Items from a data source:
■ ■ ■ ■ ■
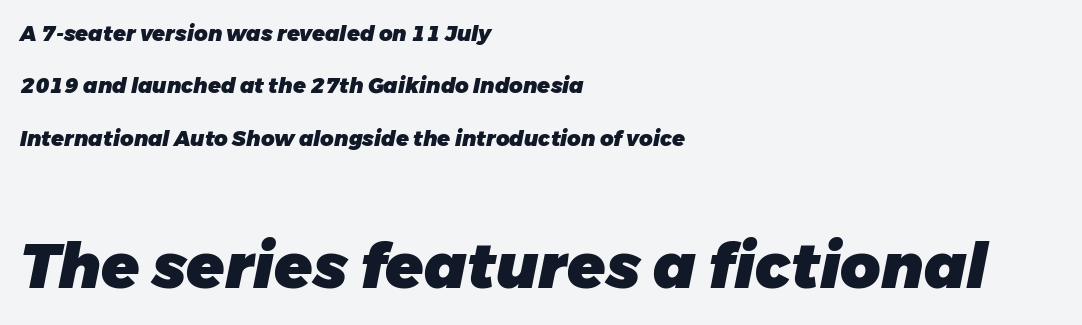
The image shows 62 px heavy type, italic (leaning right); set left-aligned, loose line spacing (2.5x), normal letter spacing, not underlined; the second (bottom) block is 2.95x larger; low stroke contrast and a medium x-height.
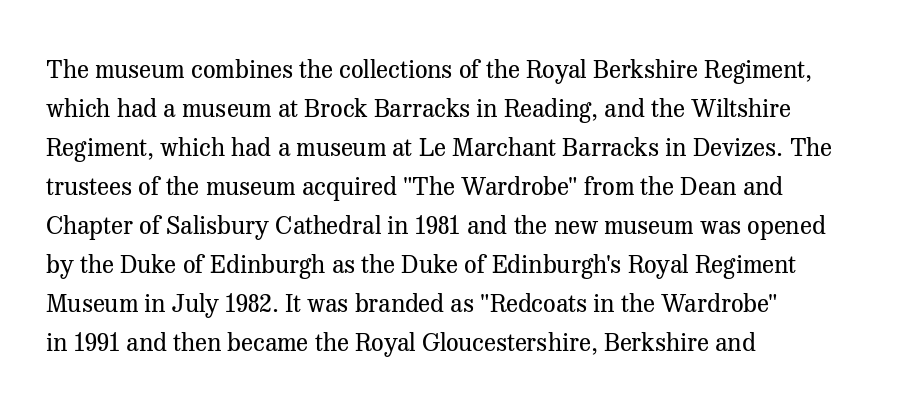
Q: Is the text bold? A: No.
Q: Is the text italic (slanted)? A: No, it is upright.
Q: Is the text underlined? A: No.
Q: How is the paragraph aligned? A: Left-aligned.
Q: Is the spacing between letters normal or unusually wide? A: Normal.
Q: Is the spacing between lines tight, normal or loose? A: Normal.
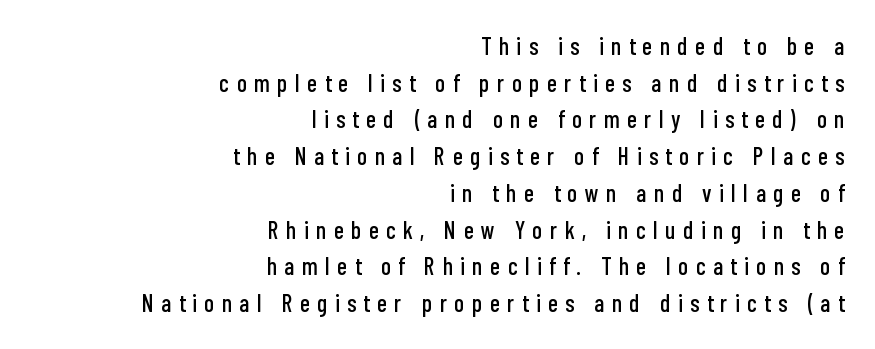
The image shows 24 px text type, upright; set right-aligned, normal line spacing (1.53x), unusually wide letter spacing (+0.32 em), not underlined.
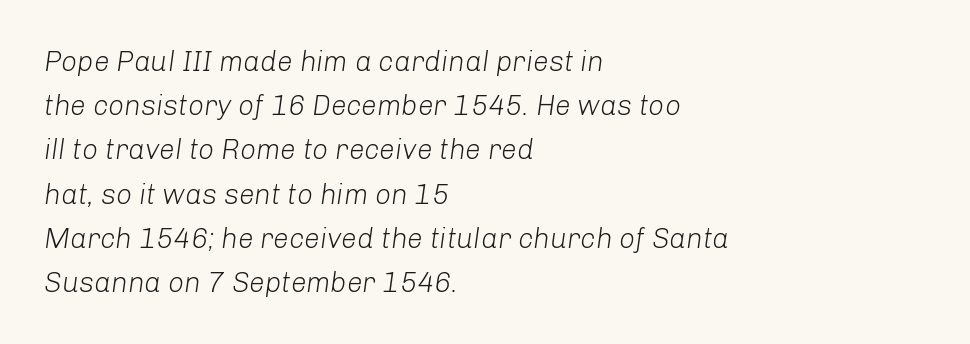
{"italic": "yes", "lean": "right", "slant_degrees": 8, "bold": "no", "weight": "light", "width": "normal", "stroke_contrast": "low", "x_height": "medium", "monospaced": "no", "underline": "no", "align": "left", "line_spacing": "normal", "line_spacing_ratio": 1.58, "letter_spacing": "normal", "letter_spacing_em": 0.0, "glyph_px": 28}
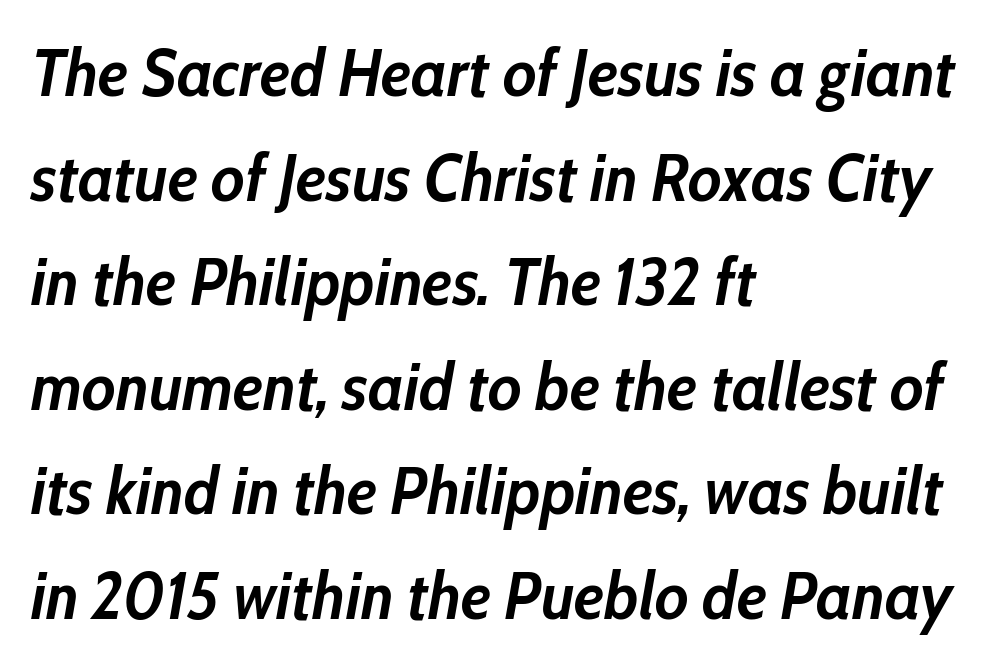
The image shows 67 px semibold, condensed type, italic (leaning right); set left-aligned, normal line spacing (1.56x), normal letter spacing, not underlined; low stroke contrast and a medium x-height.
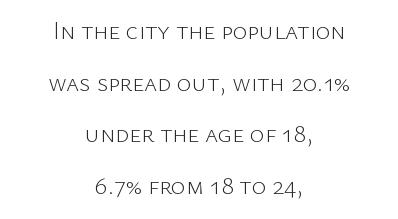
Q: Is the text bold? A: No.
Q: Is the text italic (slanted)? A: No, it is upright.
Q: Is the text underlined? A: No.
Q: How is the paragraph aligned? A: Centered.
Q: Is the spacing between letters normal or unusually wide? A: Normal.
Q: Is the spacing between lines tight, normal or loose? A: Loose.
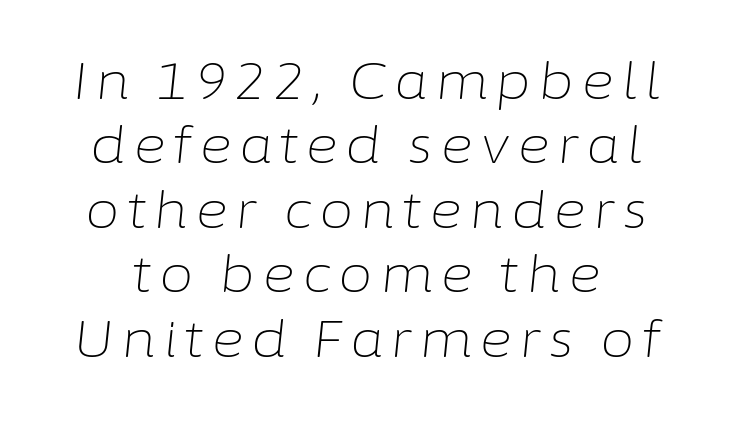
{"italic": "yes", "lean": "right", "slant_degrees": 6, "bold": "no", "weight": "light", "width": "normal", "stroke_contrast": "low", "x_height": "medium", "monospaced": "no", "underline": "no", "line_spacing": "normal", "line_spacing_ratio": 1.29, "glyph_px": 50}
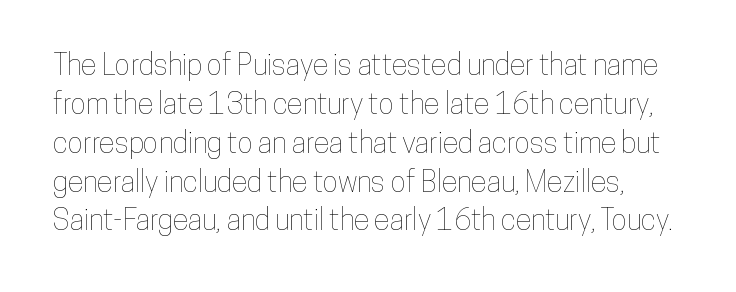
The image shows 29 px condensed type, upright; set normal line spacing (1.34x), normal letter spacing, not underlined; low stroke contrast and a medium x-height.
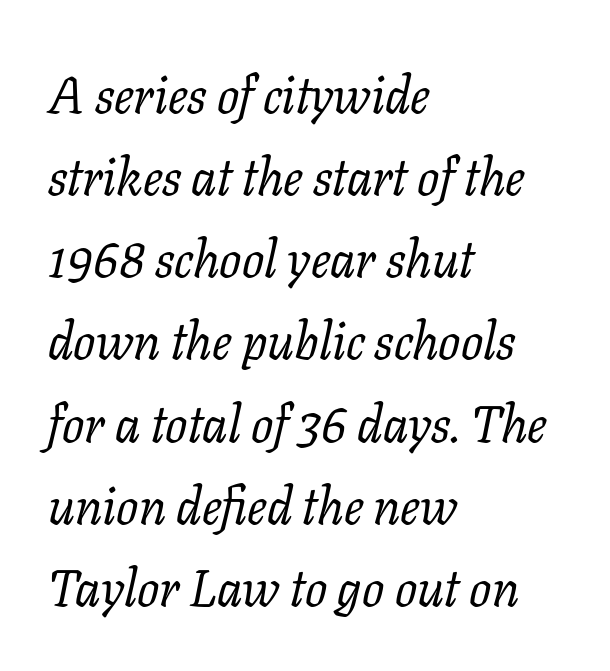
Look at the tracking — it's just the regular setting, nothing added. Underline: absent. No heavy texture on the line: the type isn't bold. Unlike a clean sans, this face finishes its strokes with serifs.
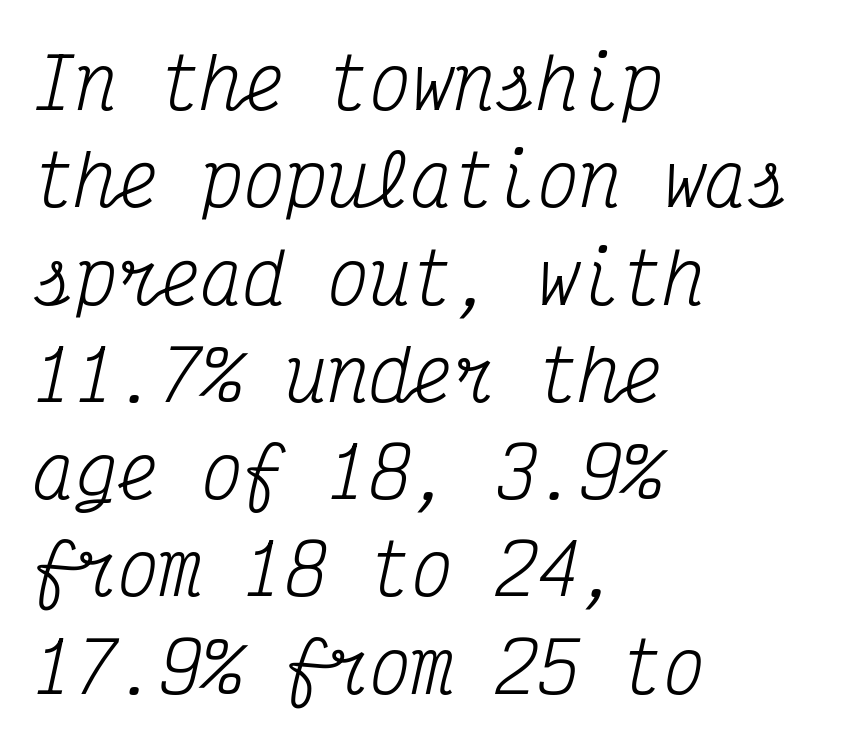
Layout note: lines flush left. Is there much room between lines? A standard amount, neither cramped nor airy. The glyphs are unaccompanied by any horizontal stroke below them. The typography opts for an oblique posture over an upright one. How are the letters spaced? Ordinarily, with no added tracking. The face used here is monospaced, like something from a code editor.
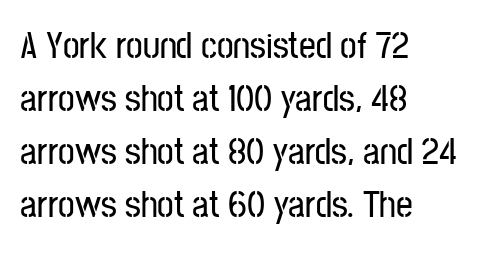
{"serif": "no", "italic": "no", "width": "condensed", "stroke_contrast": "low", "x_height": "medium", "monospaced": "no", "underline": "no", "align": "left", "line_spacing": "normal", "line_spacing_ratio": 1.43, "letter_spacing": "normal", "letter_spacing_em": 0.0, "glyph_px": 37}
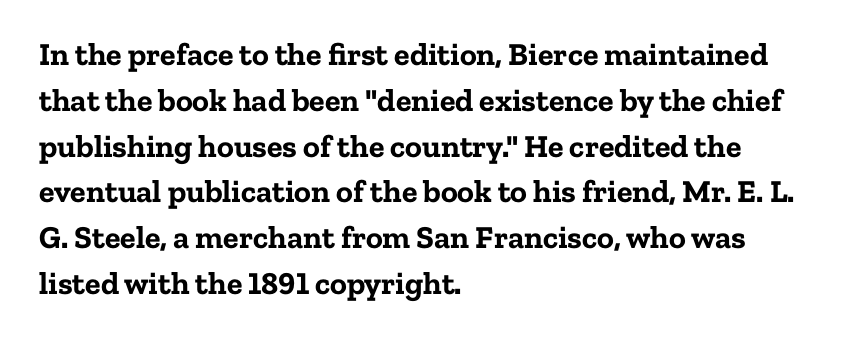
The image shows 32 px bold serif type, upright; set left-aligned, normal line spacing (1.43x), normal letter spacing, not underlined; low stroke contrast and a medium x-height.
■ ■ ■ ■ ■
■ Problem to work on
Return only the stretch above from the line containing "Look at the" through the line containing "Layout note: lines", word for word and without pictures.

■ The answer
Look at the tracking — it's just the regular setting, nothing added. Underline: absent. No heavy texture on the line: the type isn't bold. Unlike a clean sans, this face finishes its strokes with serifs.
Layout note: lines flush left. Is there much room between lines? A standard amount, neither cramped nor airy. The glyphs are unaccompanied by any horizontal stroke below them. The typography opts for an oblique posture over an upright one. How are the letters spaced? Ordinarily, with no added tracking. The face used here is monospaced, like something from a code editor.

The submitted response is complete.